苺ミルク

2024/04/30/TUES

 鮮やかな色が飛び込んできて、感嘆符が喉の奥まで上り、そのまま深いため息となって胸を下りていく。数日、それを繰り返す。桜の薄い花びらが吸い寄せられるように地面に向かい、ぴたりと貼りつくのを見た。私の足と同じように何度も地面に貼りついた。春が来る少し前の冬の方が、命が芽吹こうとする活気があり、春よりも春らしいと感じる。実際に春になると、沈み込むような空気の中で生き物たちが縮こまっているようだ。春はいつもこうだっただろうか? 脚の長い椅子に腰掛け、脚の長いテーブルに肘を乗せていると、宙に浮いているようだ。畳んだビニール傘の先から雫が落ちて、床にごく小さな水溜まりを作っている。私の部屋には長い間カーペットを敷いていた。最近家具の配置を変え、カーペットを剥がしたから、朝起きた時に床に足を下ろすと冷たくて驚く。家具を動かす際に、見慣れすぎて視界に入らなくなっていた物を改めて手に取った。

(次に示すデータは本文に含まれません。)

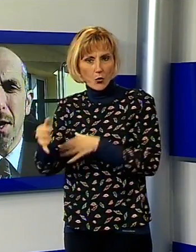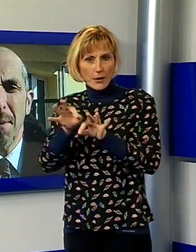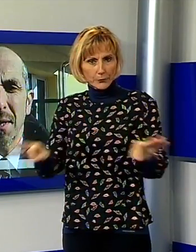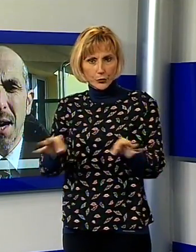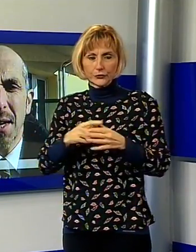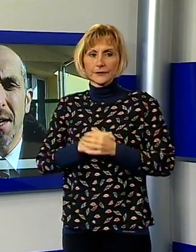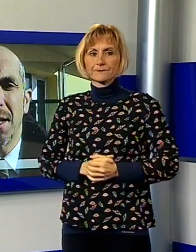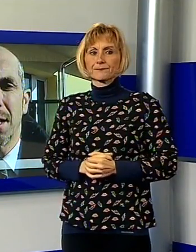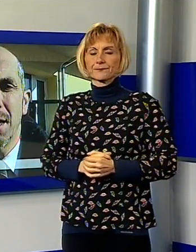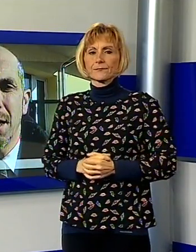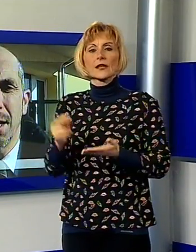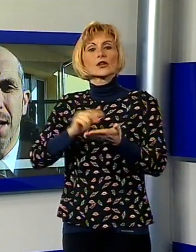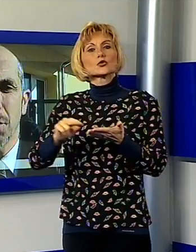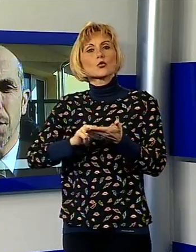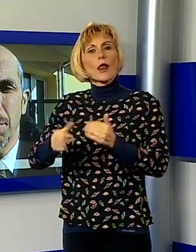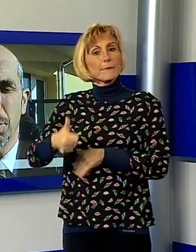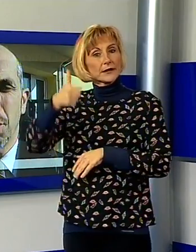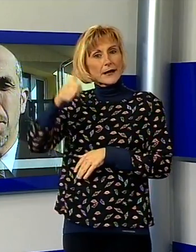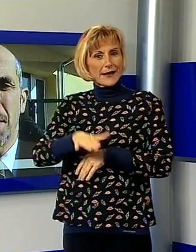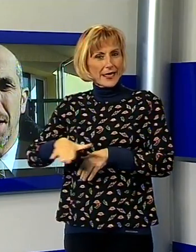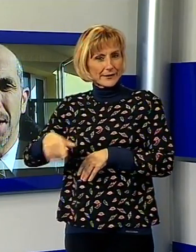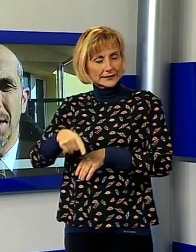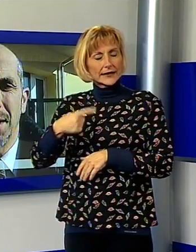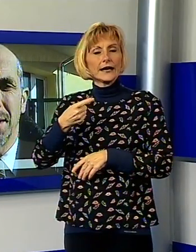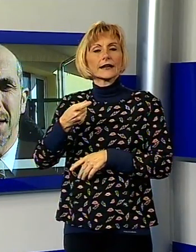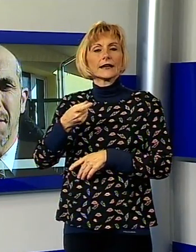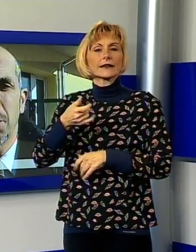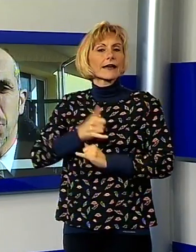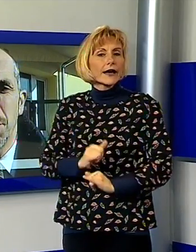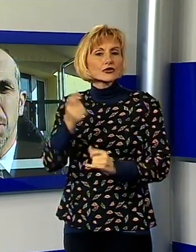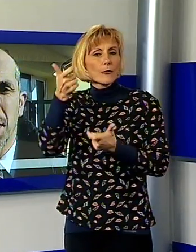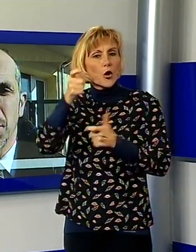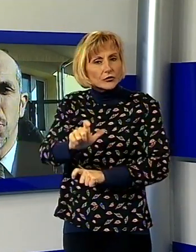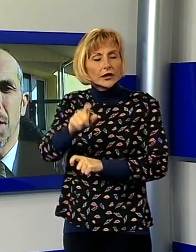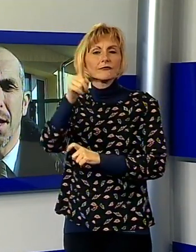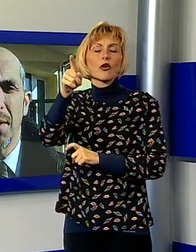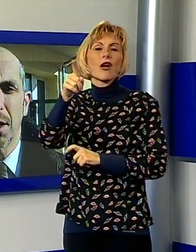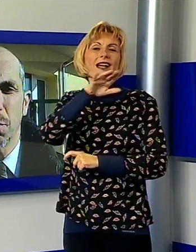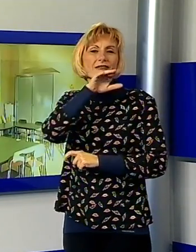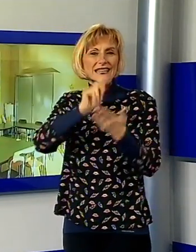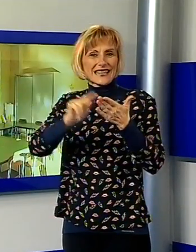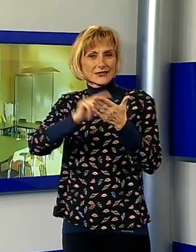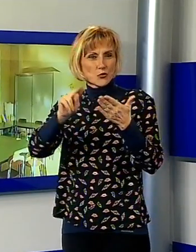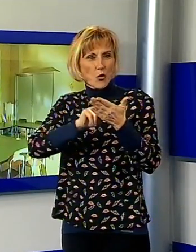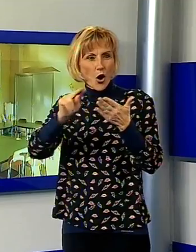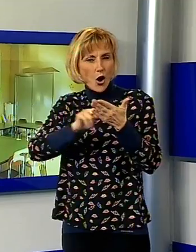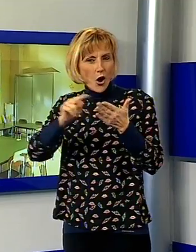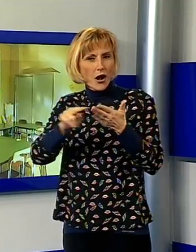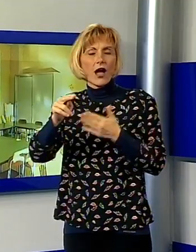elementare che nasce purtroppo dall'evento sismico che ha chiuso la vecchia scuola elementare nelle località Piano,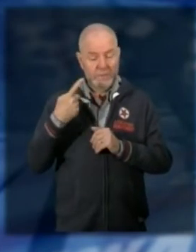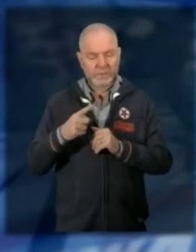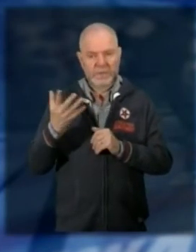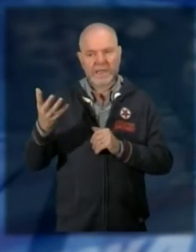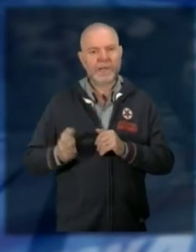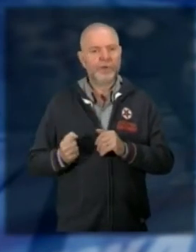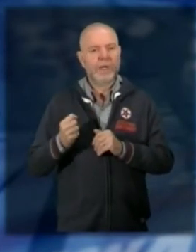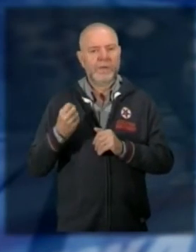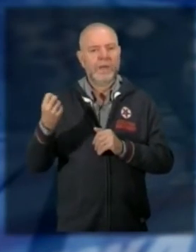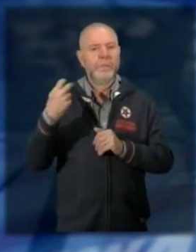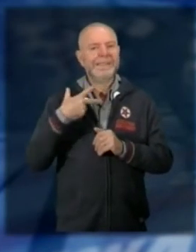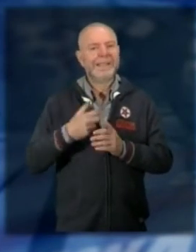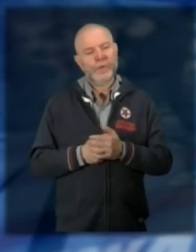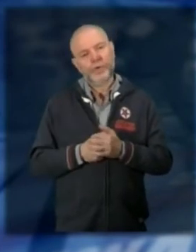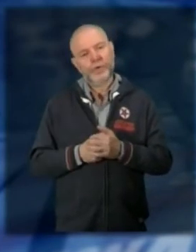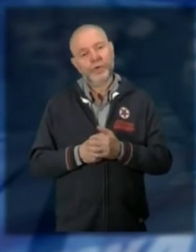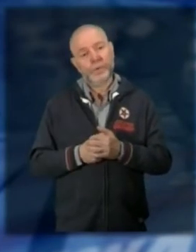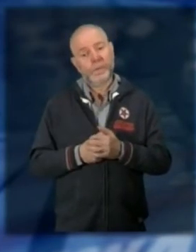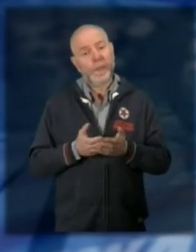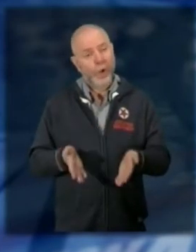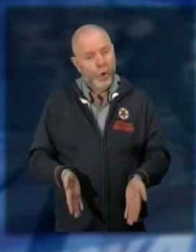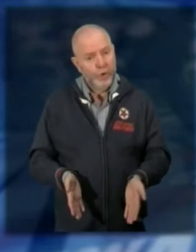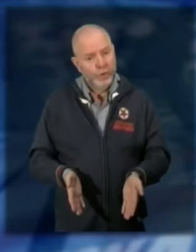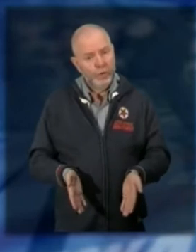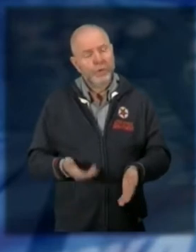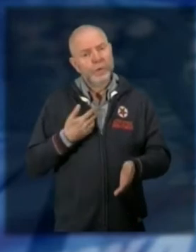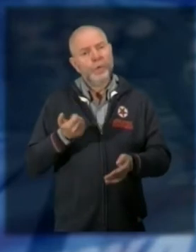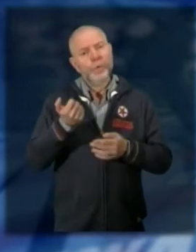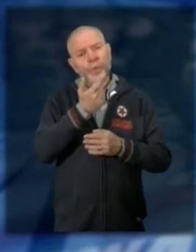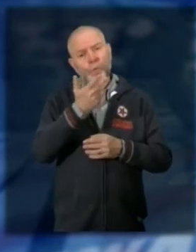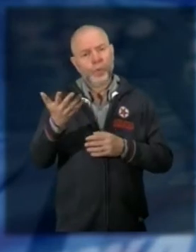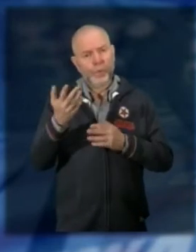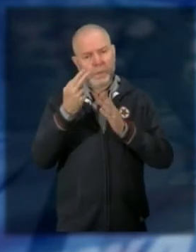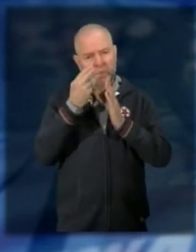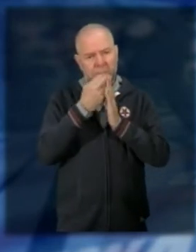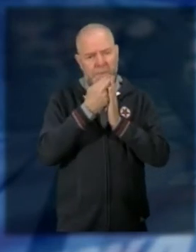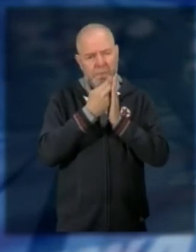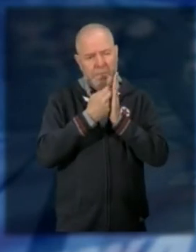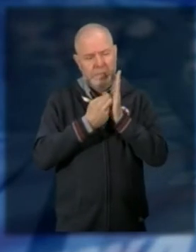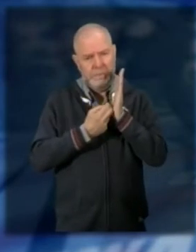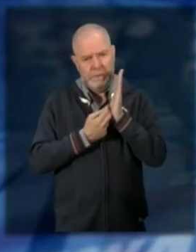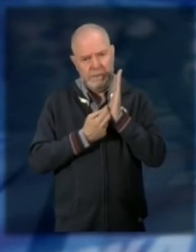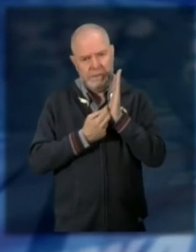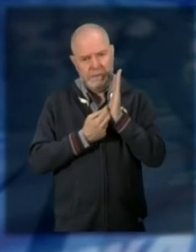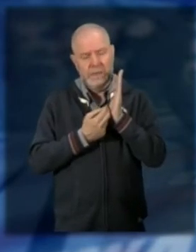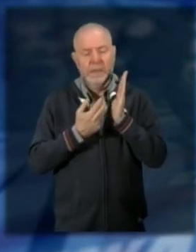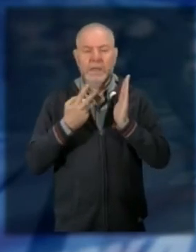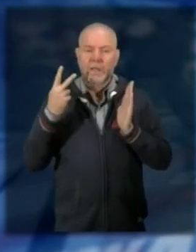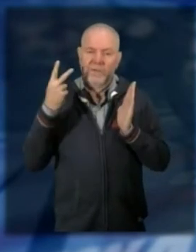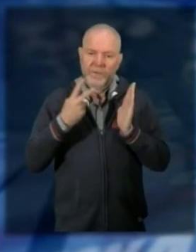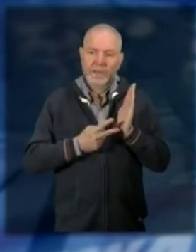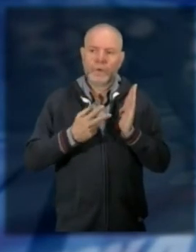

時の重みが押し寄せてくるので、私はコンビニに駆け込み、おにぎりを食べた。コンビニに行く途中、電話ボックスのガラスに吹きつけられる花びらを見た。地面に集まって川のように流れる花びらを見た。踊り場の隅で、静かに桜で居続ける花びらを見た。

 表を救急車が通る。天井に明かりの点いていない電球が吊るされている。半透明の丸いガラスに、小さくなった窓が映っている。ガラスの曲面に歪みながら、そこだけ光が際立っている。部屋全体は均一に白く明るい。夜、電気を点けてもこうはならない。明かりを小さく弱いものにしているから、光を浴びる場所と影になる場所が生まれる。模様替えをしたばかりの部屋は、今見えていない場所がどんな風か、だいたい想像できる。クローゼットは扉を開けたままにしてあり、中まで光が届く。その上にある天袋は扉を閉めている。暗がりに仕舞われた箱の中の物は光を浴びたがっているだろうか? 目を閉じると、自分の体の中に暗がりを感じる。暗がりが熱を持っていて、呼吸とともに動く。寒さと温かさが同時に揺れている。寒さが勝ってきたのでコーヒーをレンジで温める。三十秒、レンジの前で待つ。陶器のカップに木の蓋を乗せる音が好きだ。かぽっと可愛い音がする。春だというのに寒いので、もう仕舞おうと思っていた毛布を体に巻きつけ、鍵盤の前に座る。やがて毛布が私の肩を滑り落ち、私は毛布の落ちるに任せておく。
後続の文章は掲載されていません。